= Beginning of Section =
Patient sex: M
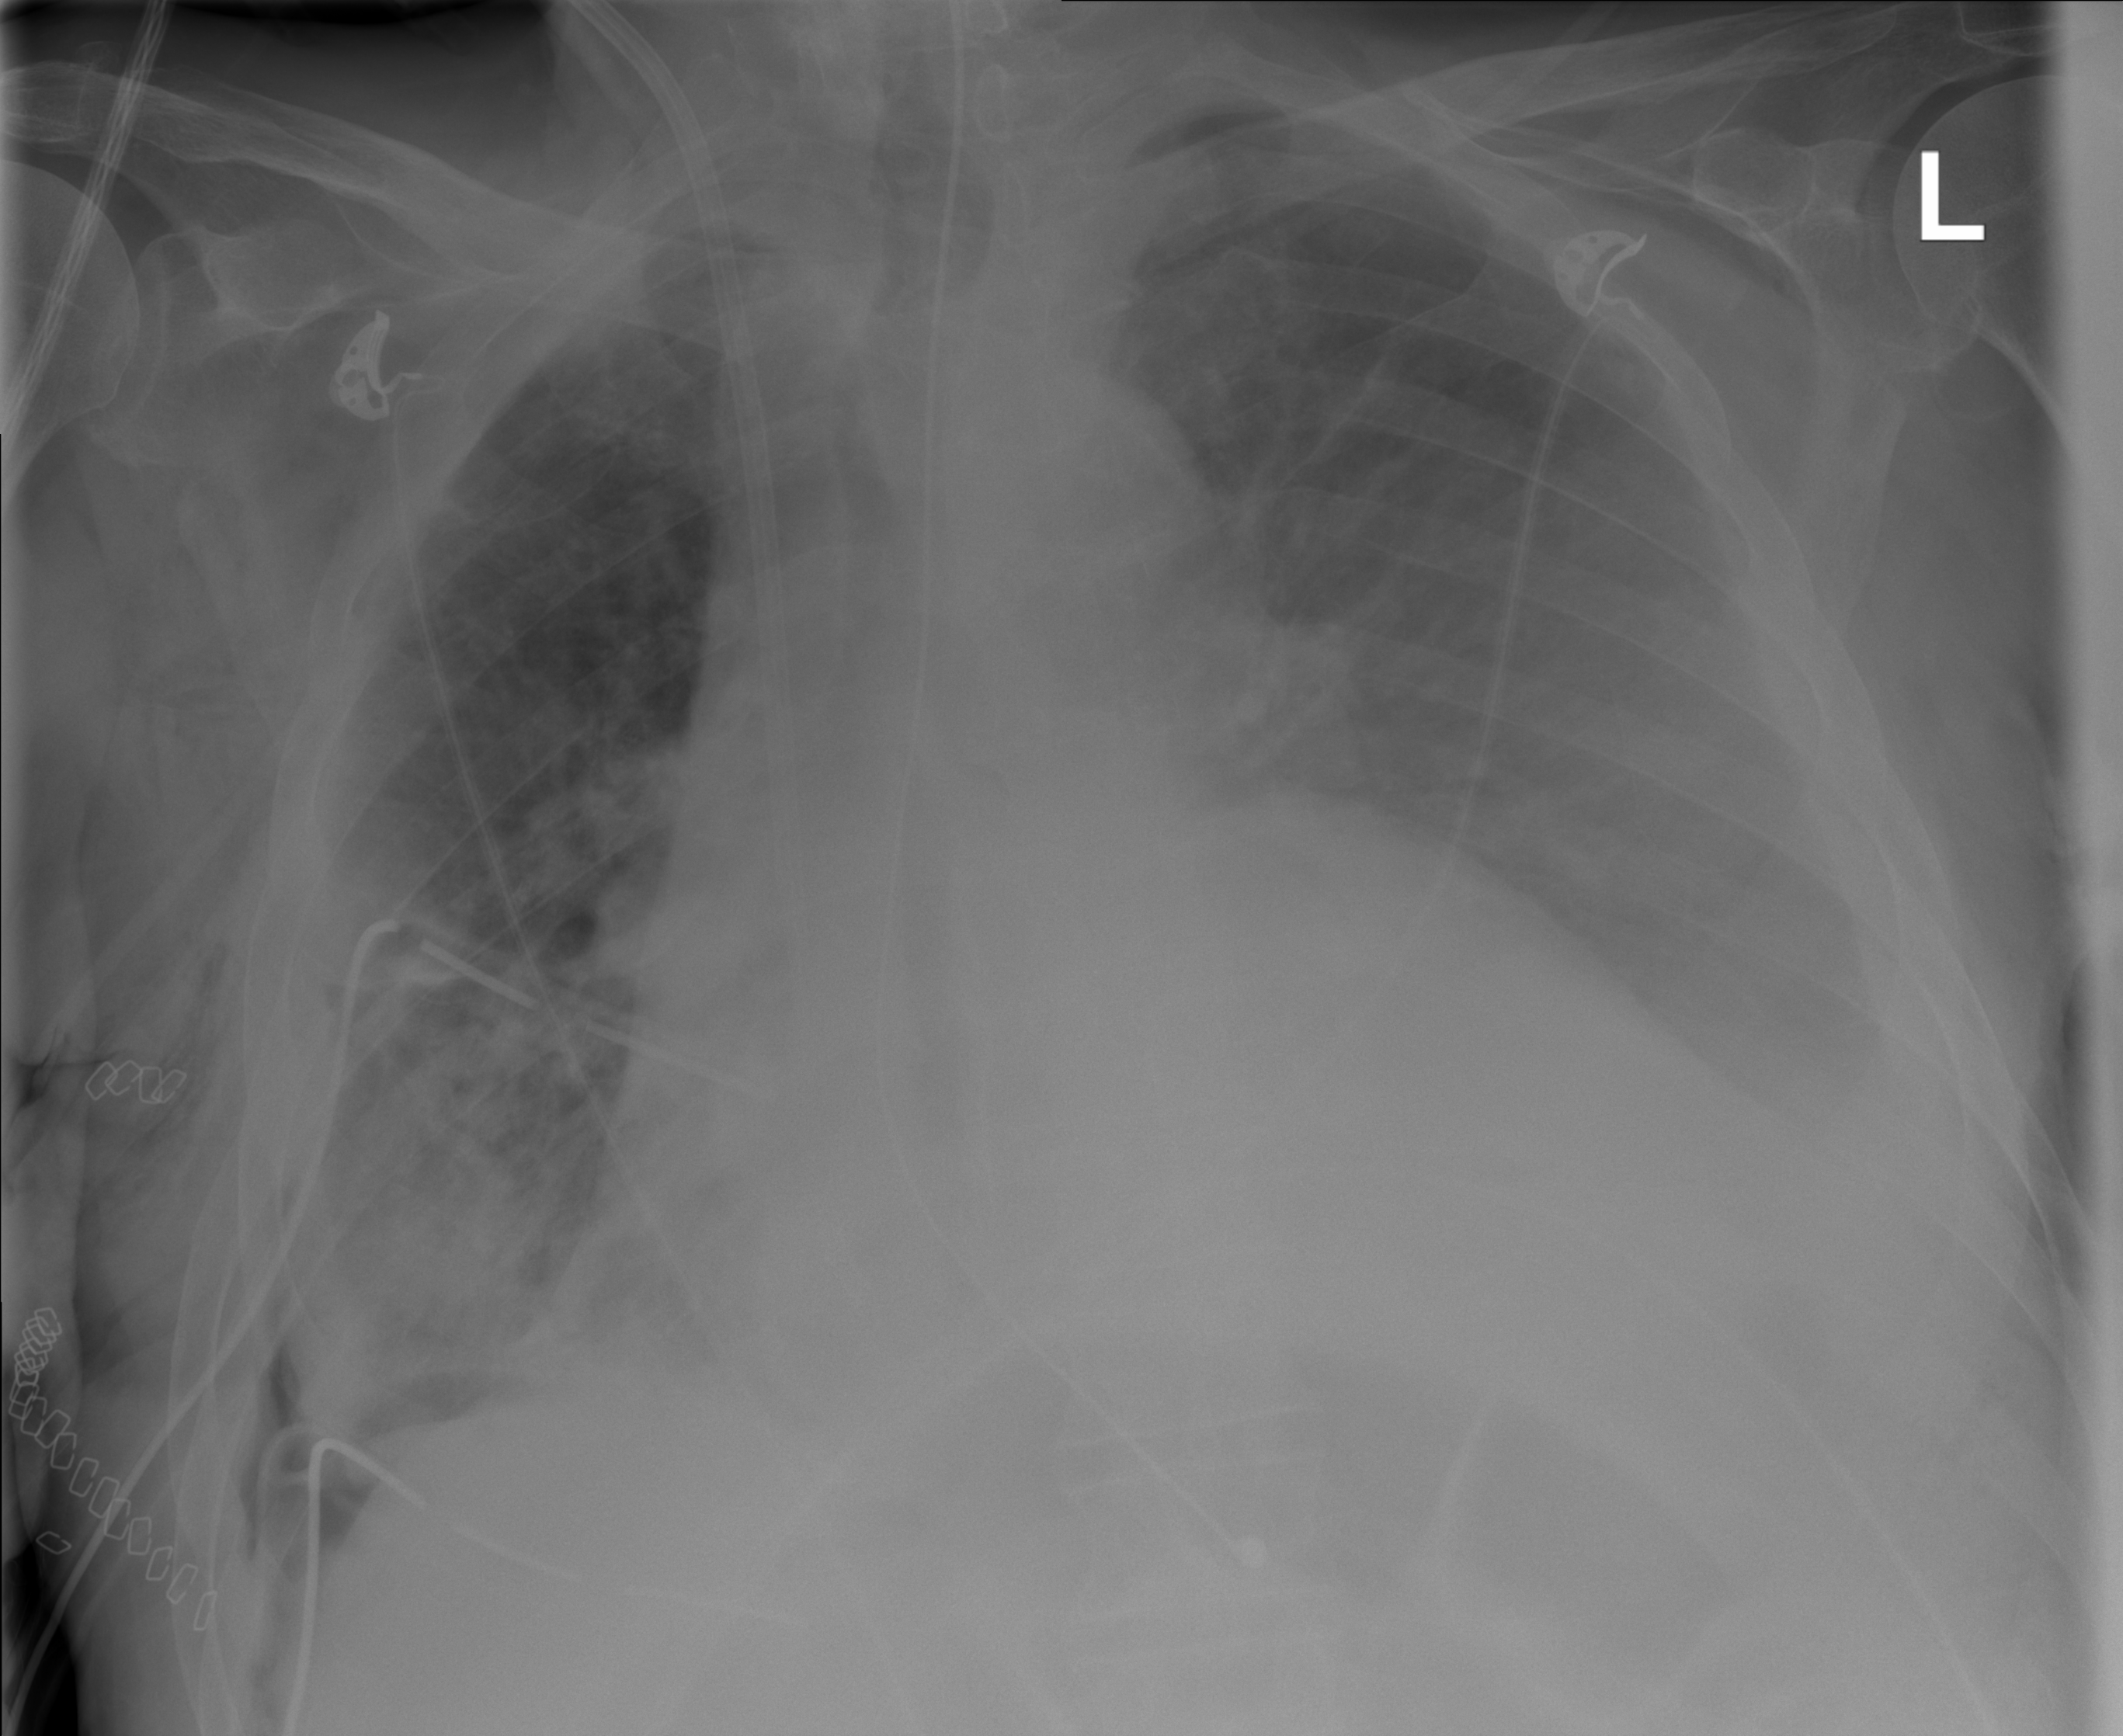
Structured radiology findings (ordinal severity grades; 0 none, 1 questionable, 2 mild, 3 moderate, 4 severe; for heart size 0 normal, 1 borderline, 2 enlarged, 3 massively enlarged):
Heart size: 2
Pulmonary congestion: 2
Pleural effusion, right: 0
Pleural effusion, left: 3
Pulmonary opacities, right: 2
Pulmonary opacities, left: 0
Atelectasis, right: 3
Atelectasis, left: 2
= End of Section =
## Exercise requirements
Would you report every line of the entries above containing the word "size"?

## Exercise answer
Structured radiology findings (ordinal severity grades; 0 none, 1 questionable, 2 mild, 3 moderate, 4 severe; for heart size 0 normal, 1 borderline, 2 enlarged, 3 massively enlarged):
Heart size: 2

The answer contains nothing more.